━━ Excerpted data ━━

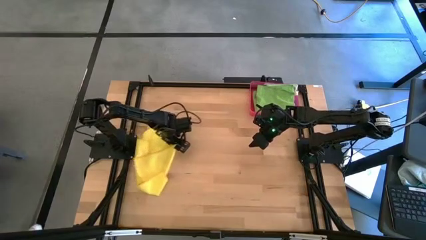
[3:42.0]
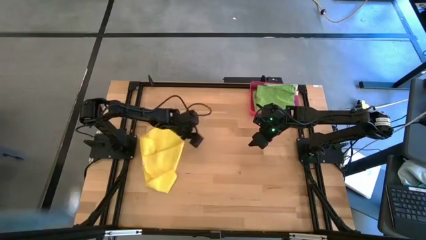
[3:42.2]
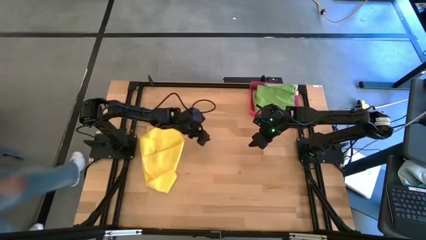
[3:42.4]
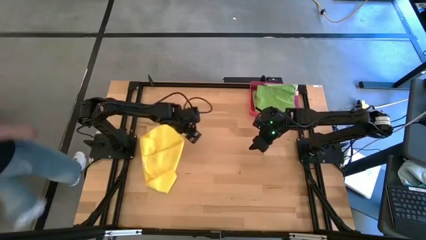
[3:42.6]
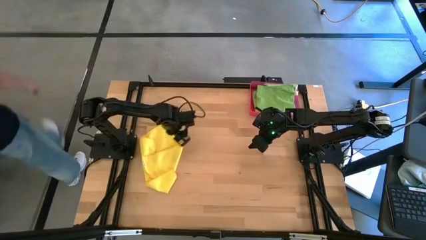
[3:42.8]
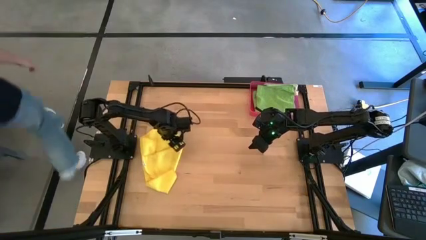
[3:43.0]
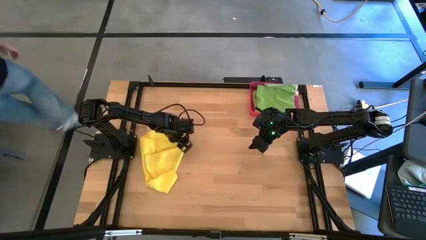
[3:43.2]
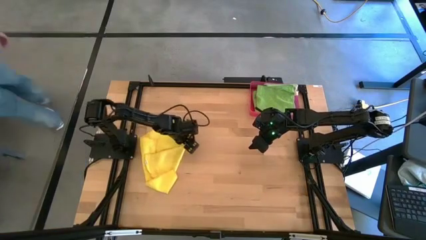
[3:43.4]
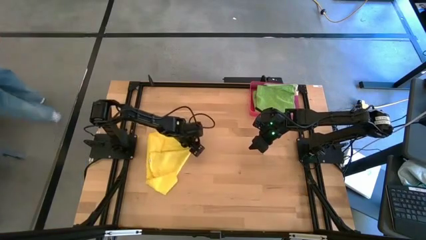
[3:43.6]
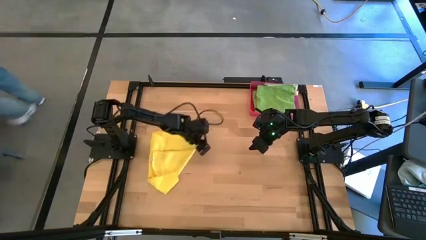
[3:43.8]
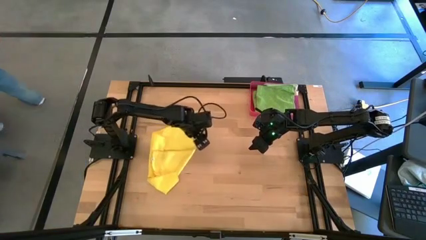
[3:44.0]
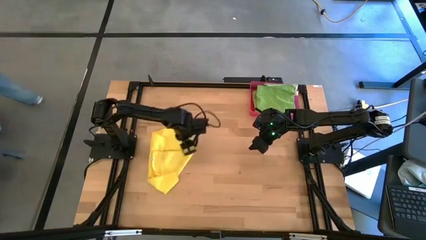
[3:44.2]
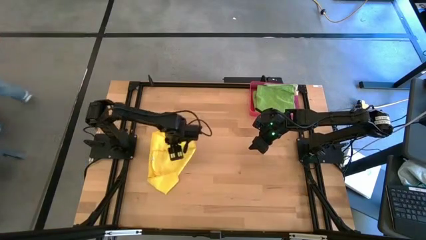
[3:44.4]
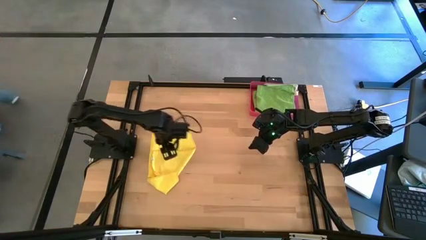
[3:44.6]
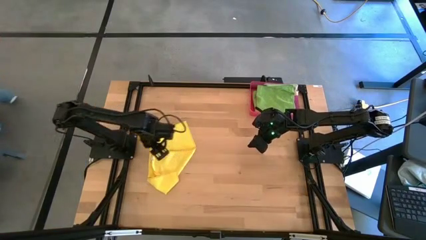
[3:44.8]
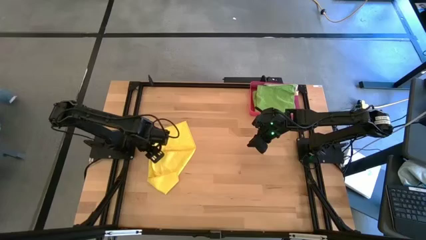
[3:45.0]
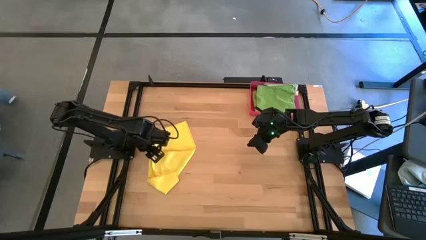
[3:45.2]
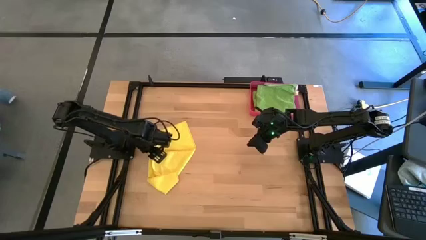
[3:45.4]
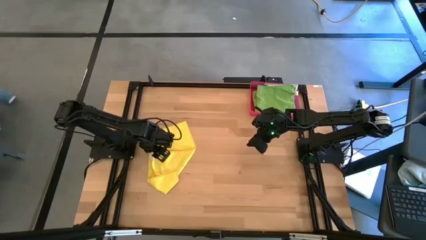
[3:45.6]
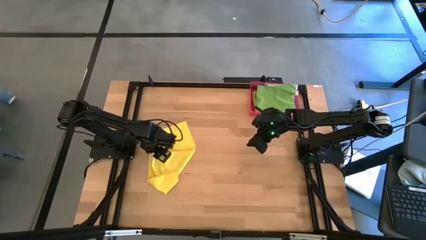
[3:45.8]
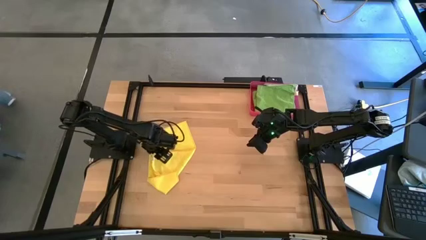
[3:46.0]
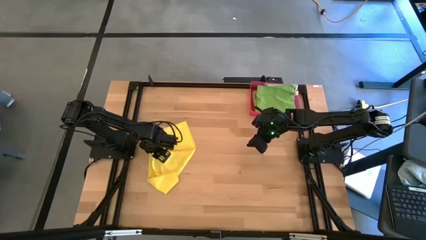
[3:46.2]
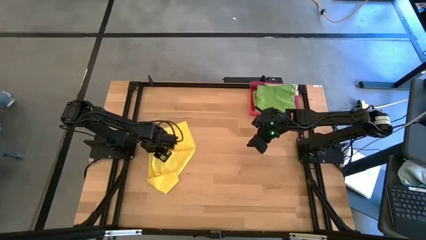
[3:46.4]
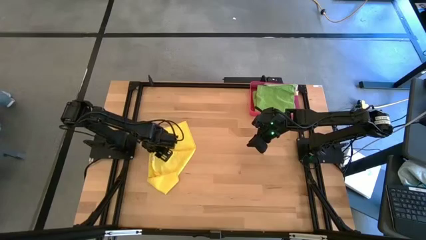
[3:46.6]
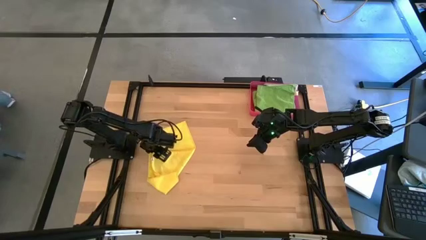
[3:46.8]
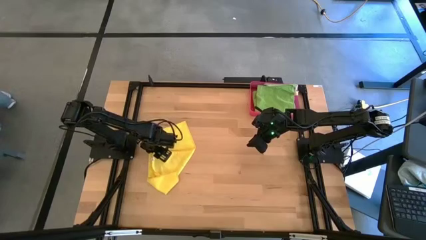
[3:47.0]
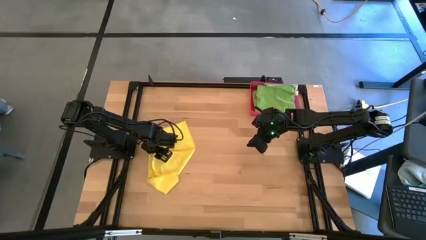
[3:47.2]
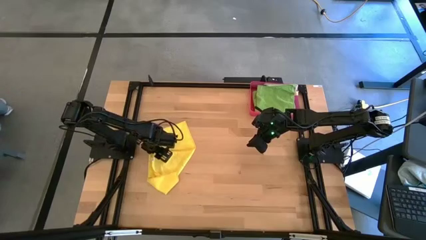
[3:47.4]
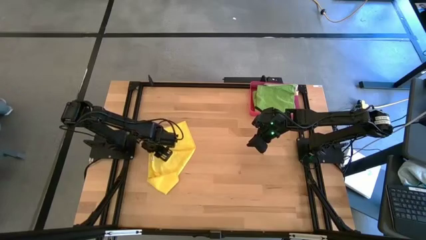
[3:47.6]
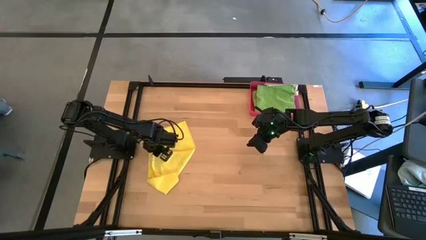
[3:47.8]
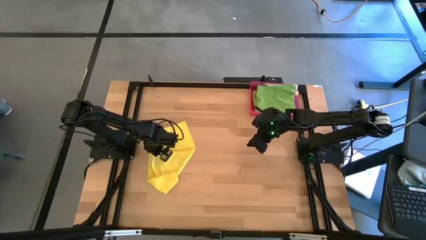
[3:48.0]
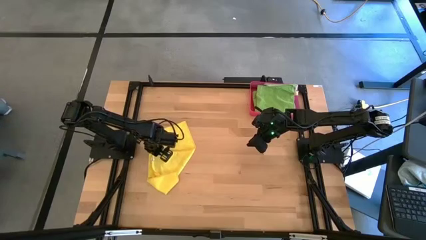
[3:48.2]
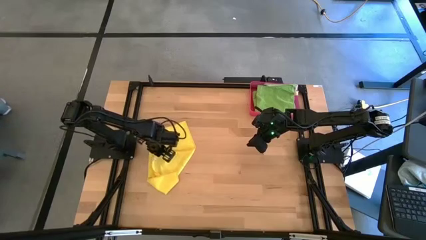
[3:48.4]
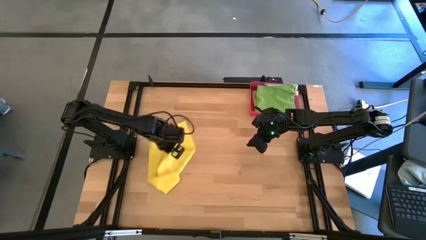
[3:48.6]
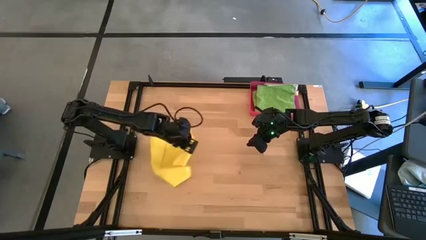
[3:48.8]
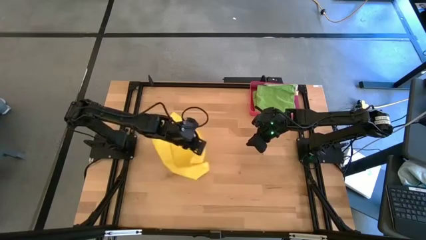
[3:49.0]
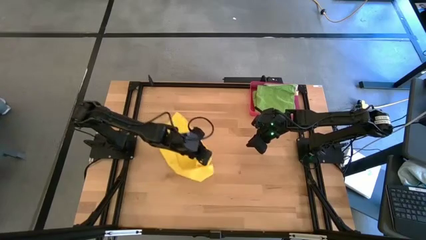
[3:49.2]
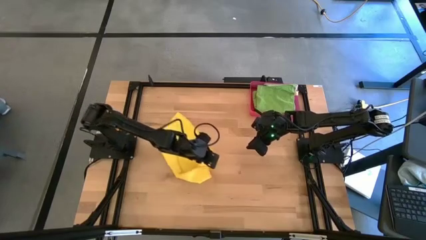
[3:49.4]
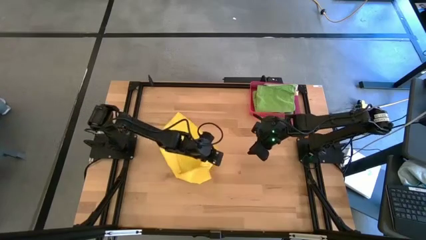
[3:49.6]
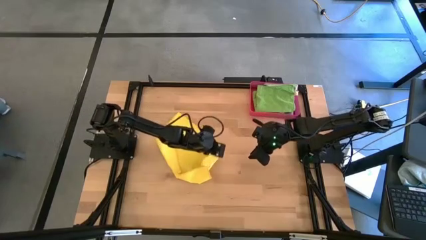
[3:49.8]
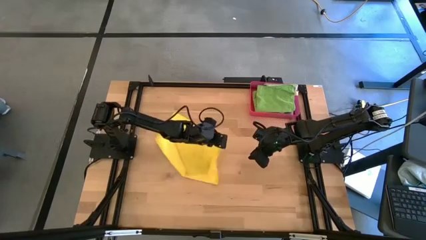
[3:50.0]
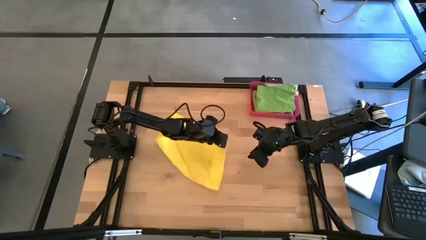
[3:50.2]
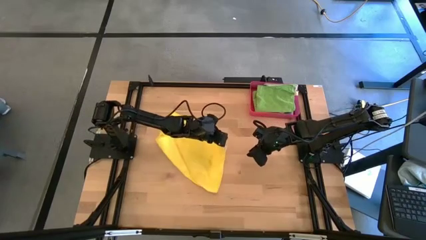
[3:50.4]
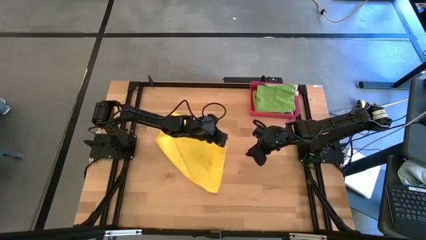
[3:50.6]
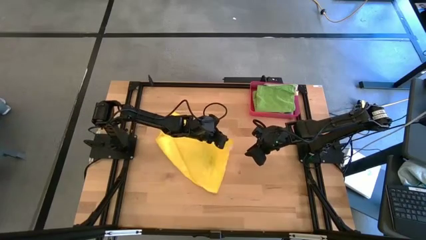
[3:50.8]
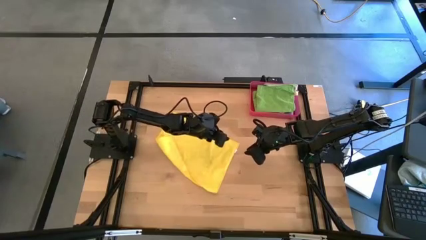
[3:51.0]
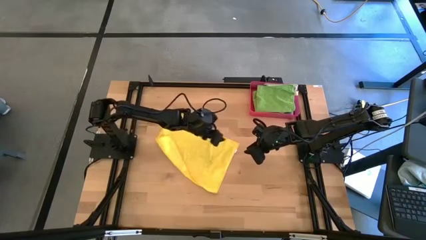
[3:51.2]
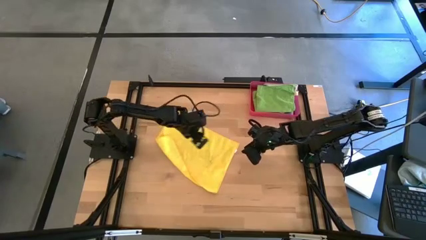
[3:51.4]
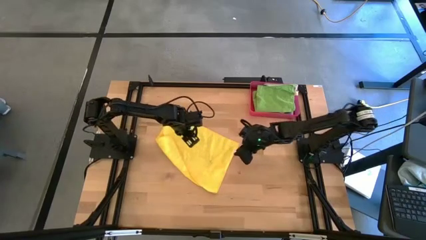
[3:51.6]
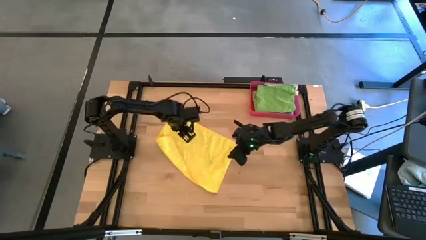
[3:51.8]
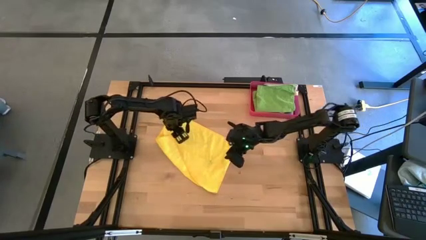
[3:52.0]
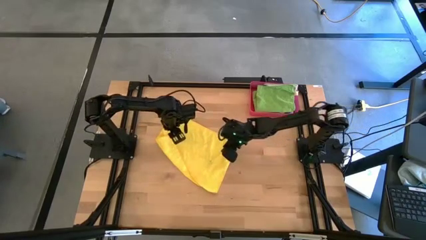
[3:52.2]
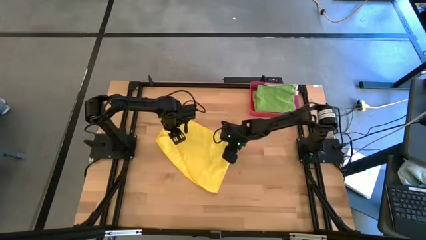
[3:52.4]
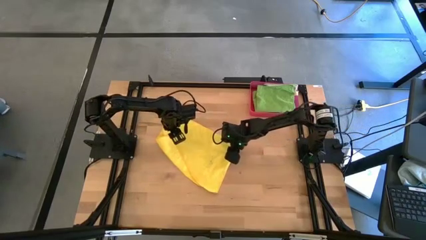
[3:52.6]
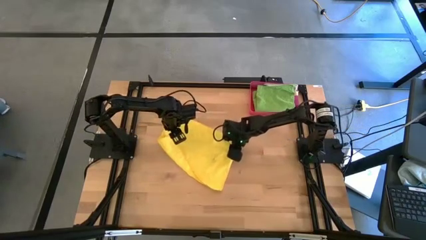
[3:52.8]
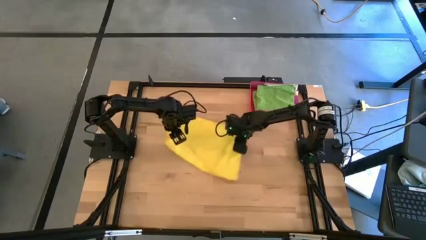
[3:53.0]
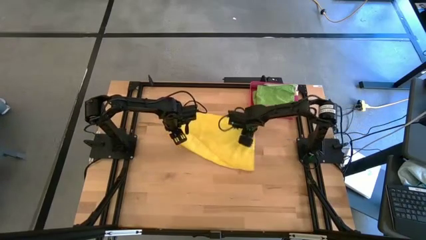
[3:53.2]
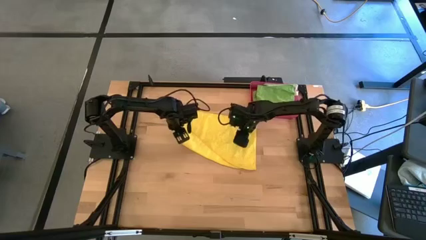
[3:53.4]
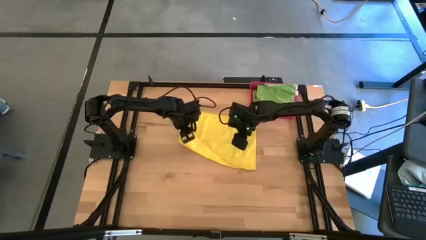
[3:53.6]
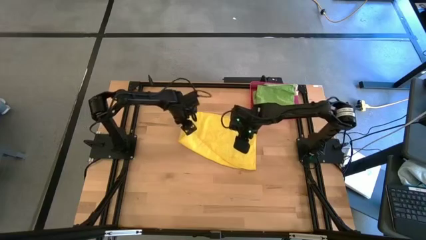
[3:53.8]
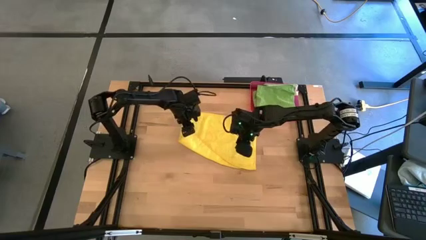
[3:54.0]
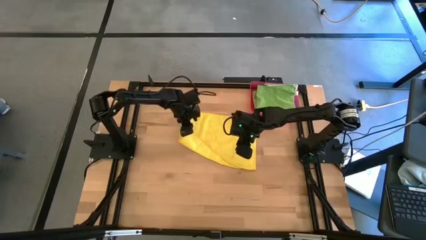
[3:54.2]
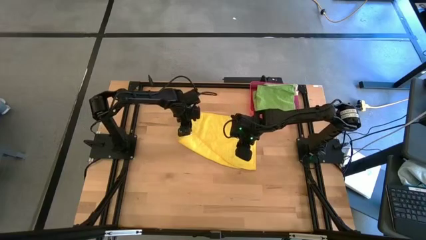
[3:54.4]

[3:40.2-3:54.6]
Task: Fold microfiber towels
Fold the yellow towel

━━━

§ Your assignment:
Pictures stay out; reproduce every line of the records exactly.

§ Solution to the exercise:
[3:42.0]
[3:42.2]
[3:42.4]
[3:42.6]
[3:42.8]
[3:43.0]
[3:43.2]
[3:43.4]
[3:43.6]
[3:43.8]
[3:44.0]
[3:44.2]
[3:44.4]
[3:44.6]
[3:44.8]
[3:45.0]
[3:45.2]
[3:45.4]
[3:45.6]
[3:45.8]
[3:46.0]
[3:46.2]
[3:46.4]
[3:46.6]
[3:46.8]
[3:47.0]
[3:47.2]
[3:47.4]
[3:47.6]
[3:47.8]
[3:48.0]
[3:48.2]
[3:48.4]
[3:48.6]
[3:48.8]
[3:49.0]
[3:49.2]
[3:49.4]
[3:49.6]
[3:49.8]
[3:50.0]
[3:50.2]
[3:50.4]
[3:50.6]
[3:50.8]
[3:51.0]
[3:51.2]
[3:51.4]
[3:51.6]
[3:51.8]
[3:52.0]
[3:52.2]
[3:52.4]
[3:52.6]
[3:52.8]
[3:53.0]
[3:53.2]
[3:53.4]
[3:53.6]
[3:53.8]
[3:54.0]
[3:54.2]
[3:54.4]

[3:40.2-3:54.6]
Task: Fold microfiber towels
Fold the yellow towel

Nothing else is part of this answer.